Mais de um terço dos maiores empresários britânicos defende que uma eventual saída do Reino Unido da União Europeia (UE) colocaria em risco a economia do país, segundo a agência Reuters. A posição de apoio ao "sim" no referendo de 23 de junho - onde se vai decidir a continuação, ou não, do Reino Unido na União Europeia – foi subscrita pelos líderes de quase 200 empresas, reforçando a posição do primeiro-ministro David Cameron.

"A economia precisa de acesso livre ao mercado europeu de mais de 500 milhões de pessoas para poder continuar a crescer, investir e criar empregos", lê-se na carta, publicada no jornal The Times. Os empresários acreditam assim que a saída da União Europeia significaria "impedir o investimento, ameaçar o emprego e pôr a economia em risco. A Grã-Bretanha será mais forte, segura e melhor como membro da UE".

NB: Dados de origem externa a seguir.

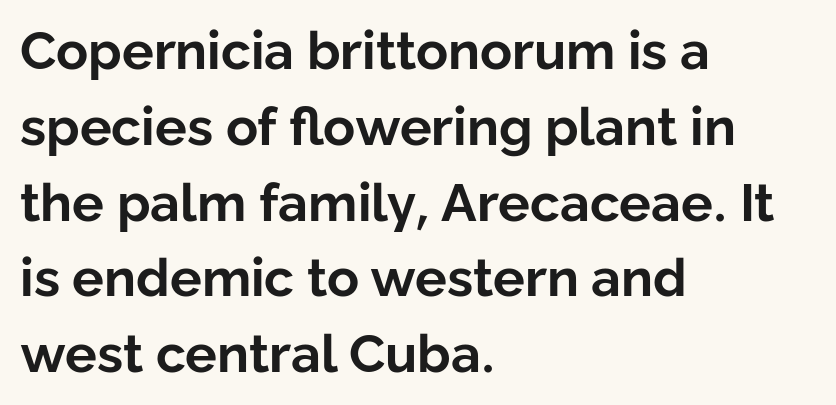
The image shows 53 px bold sans-serif type, upright; set left-aligned, normal line spacing (1.43x), normal letter spacing, not underlined; low stroke contrast and a medium x-height.
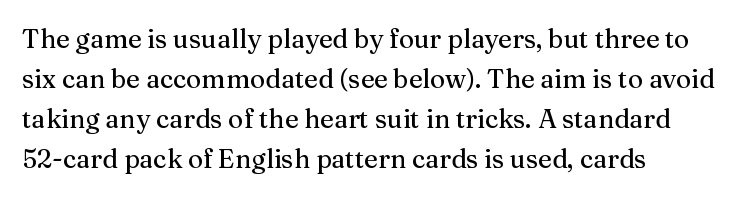
Q: Is the text italic (slanted)? A: No, it is upright.
Q: Is the text underlined? A: No.
Q: How is the paragraph aligned? A: Left-aligned.
Q: Is the spacing between letters normal or unusually wide? A: Normal.
Q: Is the spacing between lines tight, normal or loose? A: Normal.
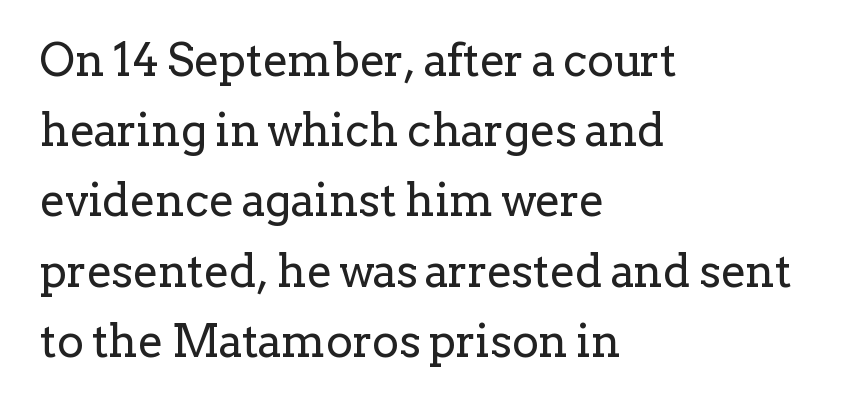
Q: Is the text bold? A: No.
Q: Is the text italic (slanted)? A: No, it is upright.
Q: Is the typeface a serif or a sans-serif typeface? A: Serif.
Q: Is the text underlined? A: No.
Q: How is the paragraph aligned? A: Left-aligned.
Q: Is the spacing between letters normal or unusually wide? A: Normal.
Q: Is the spacing between lines tight, normal or loose? A: Normal.
Q: Width (condensed, normal, or wide)? A: Normal.
Q: Stroke contrast? A: Low.
Q: x-height? A: Medium.
Q: Monospaced? A: No.
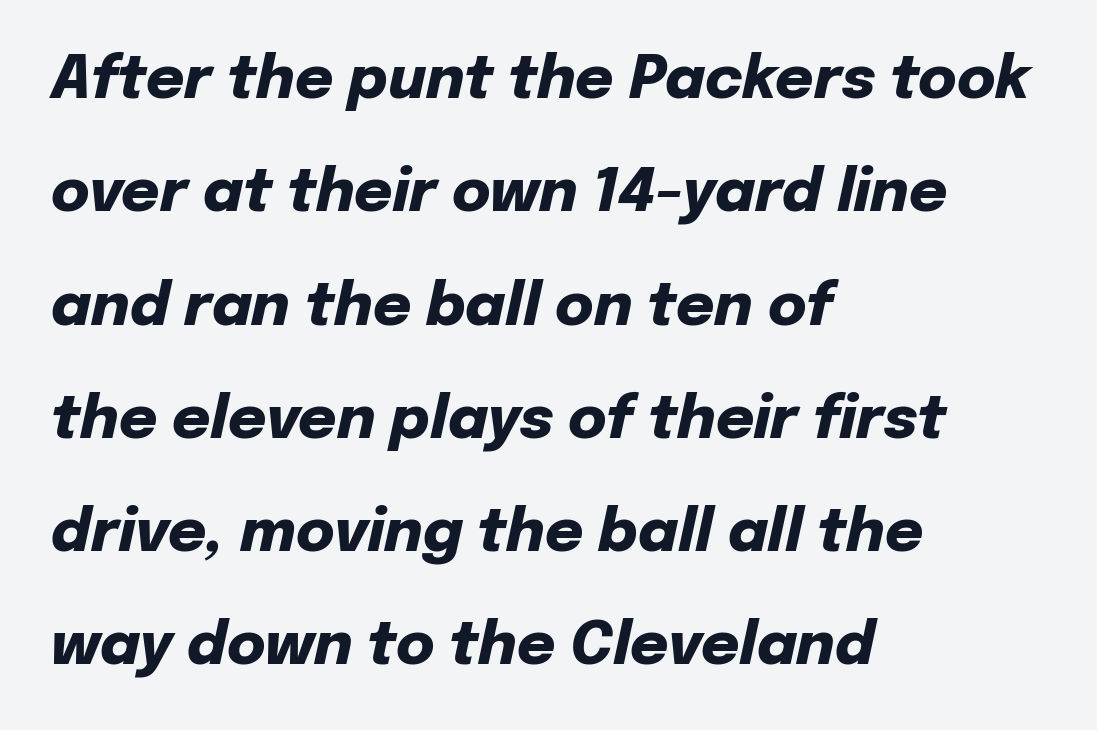
Q: Is the text bold? A: Yes.
Q: Is the text italic (slanted)? A: Yes, it leans right by about 12 degrees.
Q: Is the text underlined? A: No.
Q: How is the paragraph aligned? A: Left-aligned.
Q: Is the spacing between letters normal or unusually wide? A: Normal.
Q: Is the spacing between lines tight, normal or loose? A: Loose.
Q: Width (condensed, normal, or wide)? A: Normal.
Q: Stroke contrast? A: Low.
Q: x-height? A: Medium.
Q: Monospaced? A: No.

A carta, assinada por empresas de retalho, comunicações e combustíveis, representa um apoio à posição de David Cameron, que se mostrou convicto de que o Reino Unido "ficará mais seguro, mais forte e mais prospero dentro de uma Europa reformada”. Na cimeira do Conselho Europeu da semana passada, a União Europeia e o Reino Unido conseguiram chegar a um "compromisso" de novo estatuto do país como estado-membro, pondo fim às divergências.

A saída do Reino Unido da UE pode causar agitação nos mercados a curto prazo e uma "fraqueza económica e política" para os dois lados, além de afetar a libra.